1 I've often been told I am too ‘soft and fluffy’ as a manager.

2 I've been told I am not ‘hard enough’ to be a Chief Executive.

I plead guilty to both charges with great pride. My view has always been if you only have to be ‘hard’ to be a CEO then you are not skilled enough in the really important stuff of coaching people.

Tuesday, November 13, 2007

Amazing how quick time goes by don’t you think?

I remember starting Simplicity Blog in January 2005 – almost three years ago. I wasn’t sure how it would go and whether or not I would keep it going.

I have written 734 postings - an average of 5.02 posts per week.

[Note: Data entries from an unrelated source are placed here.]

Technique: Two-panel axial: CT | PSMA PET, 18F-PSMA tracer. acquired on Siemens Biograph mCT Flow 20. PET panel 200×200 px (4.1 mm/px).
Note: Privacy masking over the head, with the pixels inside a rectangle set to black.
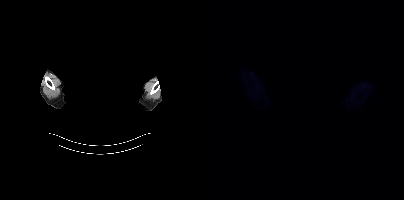
Findings: No PSMA-avid tumor lesions on this slice.
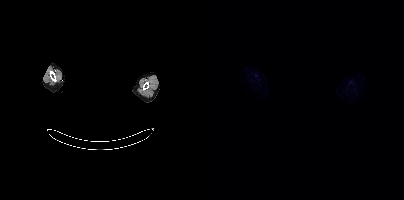
deidentification: head region blanked (face removed) | modality: PSMA PET/CT | tracer: 18F-PSMA | view: axial | PET grid: 200×200
No PSMA-avid tumor lesions on this slice.
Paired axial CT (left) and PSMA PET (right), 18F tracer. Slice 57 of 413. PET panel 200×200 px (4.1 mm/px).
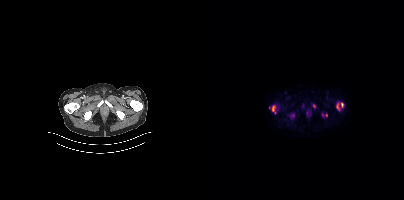
Coordinates are on the 200×200 PET (right) panel. PSMA-avid tumor lesion bounding boxes (x0, y0)-(x1, y1): (65, 106)-(72, 113) | (86, 113)-(90, 119) | (132, 103)-(135, 110) | (137, 103)-(139, 107). Small PSMA-avid foci (2 to 4 px across) near (center x, center y): (110, 105) | (122, 115) | (118, 114).
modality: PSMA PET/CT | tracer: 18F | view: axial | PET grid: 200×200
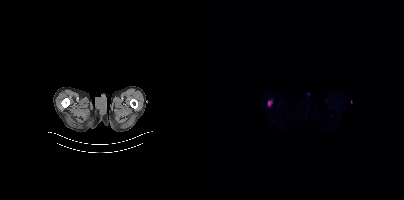
Coordinates are on the 200×200 PET (right) panel. PSMA-avid tumor lesion bounding box (x0, y0)-(x1, y1): (64, 101)-(68, 106).
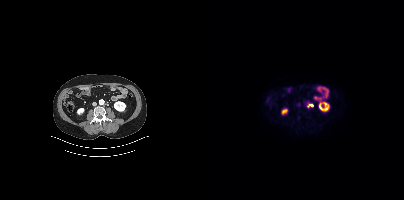
{"modality":"PSMA PET/CT","view":"axial","tracer":"18F-PSMA","pet_grid":[200,200],"coord_frame":"pet_panel","coord_format":"x0,y0,x1,y1","lesion_bboxes":[[103,103,109,107]]}
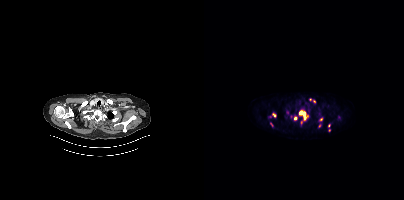
Coordinates are on the 200×200 PET (right) panel. (showing 9 of 11 foci) PSMA-avid tumor lesion bounding boxes (x, y, width, height): x=95 y=110 w=10 h=11; x=90 y=116 w=4 h=5; x=68 y=113 w=5 h=5. Small PSMA-avid foci (2 to 4 px across) near (center x, center y): (110, 101); (116, 119); (97, 122); (106, 99); (124, 125); (115, 125).
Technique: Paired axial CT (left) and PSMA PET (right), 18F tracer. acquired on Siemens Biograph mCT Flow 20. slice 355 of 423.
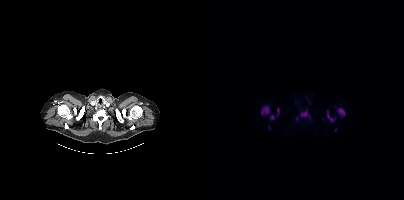
Findings: Coordinates are on the 200×200 PET (right) panel. PSMA-avid tumor lesion bounding boxes (x, y, width, height): x=57 y=106 w=10 h=10 / x=134 y=108 w=7 h=8 / x=96 y=111 w=10 h=7 / x=123 y=110 w=9 h=12 / x=72 y=108 w=4 h=9 / x=66 y=115 w=5 h=5. Small PSMA-avid foci (2 to 4 px across) near (center x, center y): (92, 118) / (65, 127) / (131, 129).
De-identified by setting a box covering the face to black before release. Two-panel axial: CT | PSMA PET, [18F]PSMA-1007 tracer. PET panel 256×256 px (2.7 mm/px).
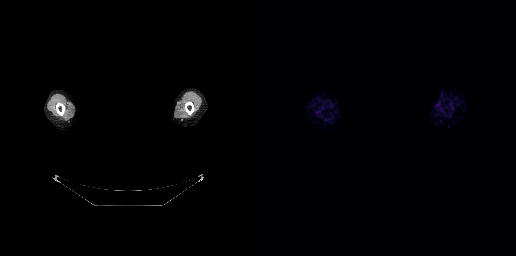
No PSMA-avid tumor lesions on this slice.
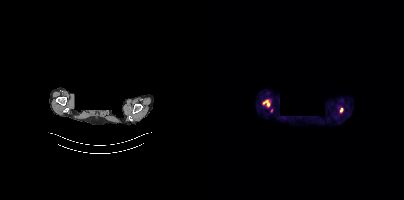
Paired axial CT (left) and PSMA PET (right), 18F tracer. PET panel 200×200 px (4.1 mm/px). A rectangle over the head was blacked out to remove identifiable facial features. No tumor lesions annotated on this slice.
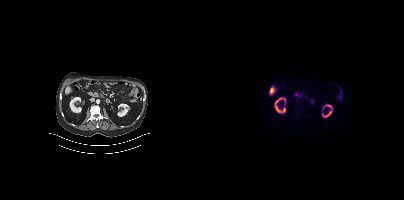
{"pet_grid":[200,200],"coord_frame":"pet_panel","coord_format":"x0,y0,x1,y1","psma_avid_lesions":false,"modality":"PSMA PET/CT","view":"axial","tracer":"[18F]PSMA-1007"}
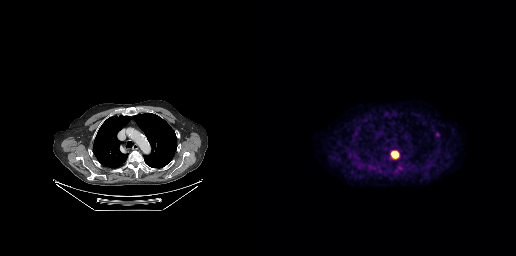
{"modality":"PSMA PET/CT","view":"axial","tracer":"18F","pet_grid":[256,256],"coord_frame":"pet_panel","coord_format":"x0,y0,x1,y1","lesion_bboxes":[[132,151,138,157]]}
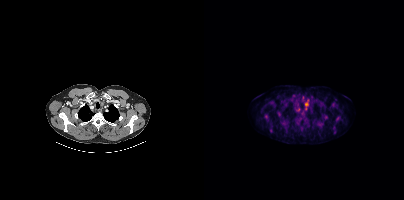
Coordinates are on the 200×200 PET (right) panel. PSMA-avid tumor lesion bounding boxes (partial; 3 more foci not listed):
| # | x0 | y0 | x1 | y1 |
|---|---|---|---|---|
| 1 | 101 | 102 | 104 | 106 |
Left: CT. Right: PSMA PET, same axial level, [18F]PSMA-1007 tracer.
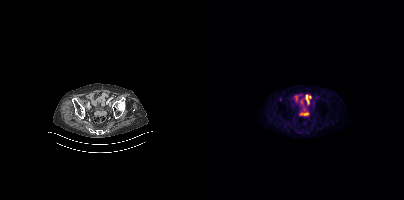
{"pet_grid":[200,200],"coord_frame":"pet_panel","coord_format":"x0,y0,x1,y1","psma_avid_lesions":false,"modality":"PSMA PET/CT","view":"axial","tracer":"18F-PSMA"}

Not bad – almost one posting per day and I’m pretty pleased with that output.

I’ve also looked at comments and discovered I've had a total of 2253 comments – the most for a single post is 19 comments (4 times)

I like messing around with numbers ….

My Blog will never create business and frankly that has never been my intention. I just love the banter and discussion the Blog creates.

I have made friends with many people from all over the world and without Simplicity Blog I doubt that would have happened.

Hope you continue to respond so brilliantly with your comments on Simplicity Blog. I have taken notice of readers comments over the last 34 months and tried to adapt the content in the light of readers comments.

I’m looking forward to hitting 1000 postings sometime around Christmas 2008

As a matter of interest this is what I wrote on my first posting on 22 January 2005:

Blogging - Is this the new way to make a difference?

I love communicating and Blogging is the latest way of doing it. Isn't it wonderful how we can now share thoughts instantly with like minded people from all over the world about how organisations are led and how things need to change?

Monday, November 12, 2007

We must not forget

Annie and I attended the outdoor memorial service in our tiny village with one hundred or so other people yesterday, Sunday 11 November.

I saw an old man brush away a tear during the two minute silence. He stood proudly alongside a broken hearted young mother and her three young children – her soldier husband was killed last month in Afghanistan.

The service made me appreciate again the debt I owe for my freedom – we all need to be reminded.

Yesterday was not a time to argue the rights and wrongs of war. Yesterday was simply about remembering millions of young men and women who lost their lives in wars fighting for the freedoms I now enjoy.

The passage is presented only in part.